El día inicia con el desayuno en el comedor ubicado en el piso -1 del convento Carmelitas Descalzos. Sí, son Carmelitas y son hombres. Allí, en una mesa acondicionada para los 13 que hemos viajado a la Ciudad Imperial, nos sentamos y compartimos el primer alimento del día. No es fácil que todos logren hablar por la mañana, algunos íbamos más dormidos que otros, pero es un buen momento para programar el día y conocerse un poco más. Compartir una comida siempre ayuda a aprender sobre otras personas.
En el grupo, así como en todas partes, teníamos distintas inclinaciones a las ramas del Derecho. Mientras que algunos se inscribieron en el curso de Derecho Ambiental, hubo otros en Derecho del Consumidor, Derecho Público Global, Negociación, etc. Por ello todos comíamos juntos, pero cada uno tomaba su propio camino cuando nos dirigíamos hacia la Universidad Castilla-La Mancha. La caminata hacia el convento puede durar entre 5 a 8 minutos, incluso un poco menos si vas con paso rápido. Las calles están hechas de piedra de arriba abajo, incluso las construcciones de las casas, edificios de pocos pisos y comercio, todo de piedra. Así como en el invierno la piedra fría, me aventuraba a pensar cómo sería en verano con el sol abrasando el día entero.
Ya en clases, cada módulo era dictado por un profesor diferente, la mayoría españoles, la mayoría contaba en su currículum con universidades prestigiosas y trabajos en instituciones importantes de Europa. Enmarcadas con arcos y puertas de importantes guerras, recordándonos que Toledo fue capital de un reino poderoso, las cátedras que escuchamos fueron enriquecedoras desde el punto de vista profesional, pero también espiritual. No se trató solo del contenido, sino también de los muros que nos rodeaban, de las historias que podían contar, de la época en que se construyeron. Había un hueco silencioso que llenar observando desde el piso hasta el techo.
Cuando las clases acaban, nos enfilamos otra vez hacia el convento, recorriendo el mismo camino andado en la mañana, pero esta vez con menos frío. Generalmente, a esta hora, el sol está un poco más generoso y nos entrega algo más de calor, otras veces es egoísta y se esconde detrás de las nubes. Como sea, el camino debe marcharse porque en el convento espera el almuerzo y las historias que pueden contar nuestros compañeros de grupo. Es la hora en que se comparten los planes para la tarde. Algunos tenemos una conferencia, otros irán a recorrer la ruta de baños romanos, otros subirán el campanario de la catedral. Hay otros que tienen clases en las tardes, por lo que durante la mañana ya han hecho todo eso.

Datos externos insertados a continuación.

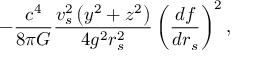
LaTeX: - { \frac { c ^ { 4 } } { 8 \pi G } } { \frac { v _ { s } ^ { 2 } \left( y ^ { 2 } + z ^ { 2 } \right) } { 4 g ^ { 2 } r _ { s } ^ { 2 } } } \left( { \frac { d f } { d r _ { s } } } \right) ^ { 2 } ,

Aventurarse por las calles de Toledo es una travesía para valientes. Claro, todo es más fácil si cuentas con un GPS. Sus calles están construidas para que solo pueda circular libremente un vehículo pequeño. Los medianos pasan si el conductor tiene precisión milimétrica. Los grandes no caben. Son tan pequeñas, que debimos detenernos y resguardar nuestra seguridad al alero de las entradas de tiendas y casas más de una vez. Además, es lo más parecido a un laberinto que he visitado: las calles parecen haber sido trazadas en un orden aleatorio o haber sido dispuestas a medida que alguien arrojaba sin ningún plan los edificios alrededor de la montaña. No obstante, contra todo pronóstico, luego de unos días ya se aprende cómo llegar a los lugares que deseas ir sin la necesidad de ver el mapa en el celular.
Al caer la noche, Toledo despide el día con la oscuridad de fondo y las luces iluminando lúgubres sus calles, pero imponente sus monumentos más importantes. Observando el poco ajetreo de sus calles en invierno, el movimiento titilante de sus luces quebrando la oscuridad, disfruté reflexionando sobre las lecciones del día, de las cátedras a las que asistí, acerca de las personas a las que conocí. También me permitía a mí misma imaginarme cómo sería el día siguiente, qué partes nuevas del Derecho iba a aprender, con qué me sorprendería Toledo a la mañana siguiente. Cómo me sentiría al despuntar el alba otra vez.